Güçlü bağışıklık sisteminin sağlanmasında vitaminlerin doğal kaynaklardan alınması, her renk yiyeceğin tüketilmesine özen gösterilmesi, yeterli su ve uykuya dikkat edilmesi, işlenmiş besinlerden kaçınılması gerektiği ifade edildi.

Beslenme ve Diyet Uzmanı Dr. Tuba Günebak, AA muhabirine yaptığı açıklamada, koronavirüslerin 21'inci yüzyılda keşfedildiğini ve 1960'dan sonra insanlarda hafif solunum yolu hastalıklarına neden olduğunun anlaşıldığını söyledi.

Son olarak insanlığın Kovid-19 ile karşı karşıya kaldığını hatırlatan Günebak, hastanın öksürüğü, hapşırığı ile damlacıkların bir diğer kişinin ağzı, burnu ya da gözlerine temas sonucu bulaştığı bilgisini verdi.

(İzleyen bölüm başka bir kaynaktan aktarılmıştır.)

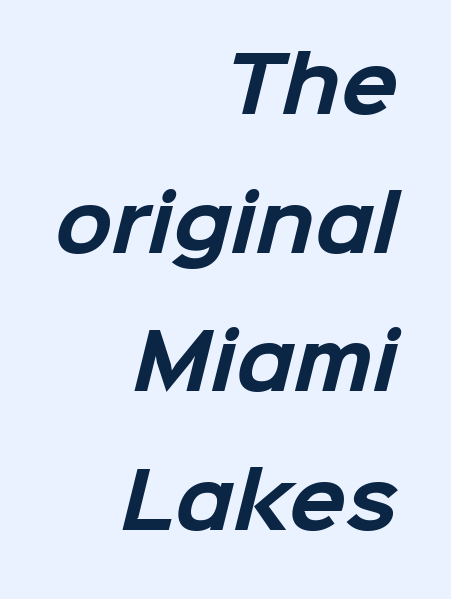
{"serif": "no", "bold": "yes", "weight": "bold", "width": "normal", "stroke_contrast": "low", "x_height": "medium", "monospaced": "no", "underline": "no", "align": "right", "line_spacing_ratio": 1.85, "letter_spacing": "normal", "letter_spacing_em": 0.0, "glyph_px": 75}
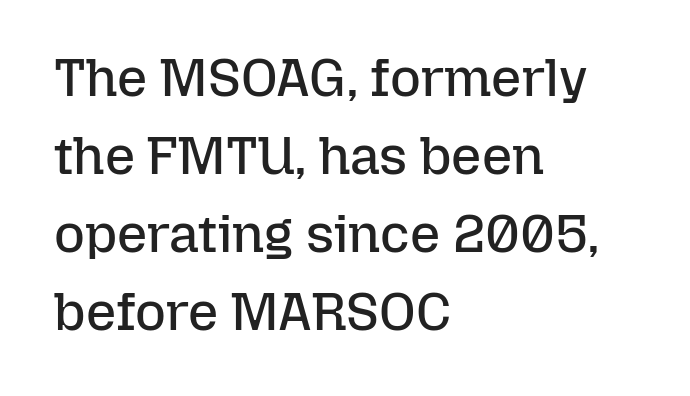
The image shows 53 px regular-weight type, upright; set left-aligned, normal line spacing (1.47x), normal letter spacing, not underlined; low stroke contrast and a medium x-height.
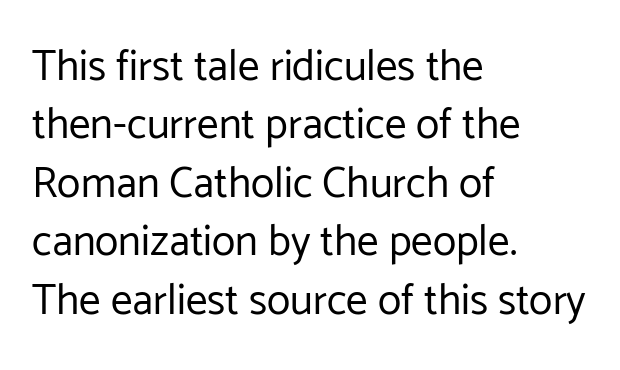
Q: Is the text bold? A: No.
Q: Is the text italic (slanted)? A: No, it is upright.
Q: Is the typeface a serif or a sans-serif typeface? A: Sans-serif.
Q: Is the text underlined? A: No.
Q: How is the paragraph aligned? A: Left-aligned.
Q: Is the spacing between letters normal or unusually wide? A: Normal.
Q: Is the spacing between lines tight, normal or loose? A: Normal.
Q: Width (condensed, normal, or wide)? A: Normal.
Q: Stroke contrast? A: Low.
Q: x-height? A: Medium.
Q: Monospaced? A: No.

Günebak öksürük, ateş, solunum yetmezliği ile kendini gösteren Kovid-19'dan korunmak için en önemli basamağın, kişisel hijyen kurallarına ve sosyal izolasyonun sağlanmasına uyum olduğunu vurguladı.

Bu kapsamda ellerin bol su ile 20 saniye ovuşturularak yıkanması, eller yıkanmadan kesinlikle ağız, burun ve göz ile temasından kaçınılması gerektiğine işaret eden Günebak, bunların yapılamadığı durumlarda el hijyeninin, yüksek alkol içerikli dezenfektanlarla gerçekleştirilmesi gerektiğine değindi.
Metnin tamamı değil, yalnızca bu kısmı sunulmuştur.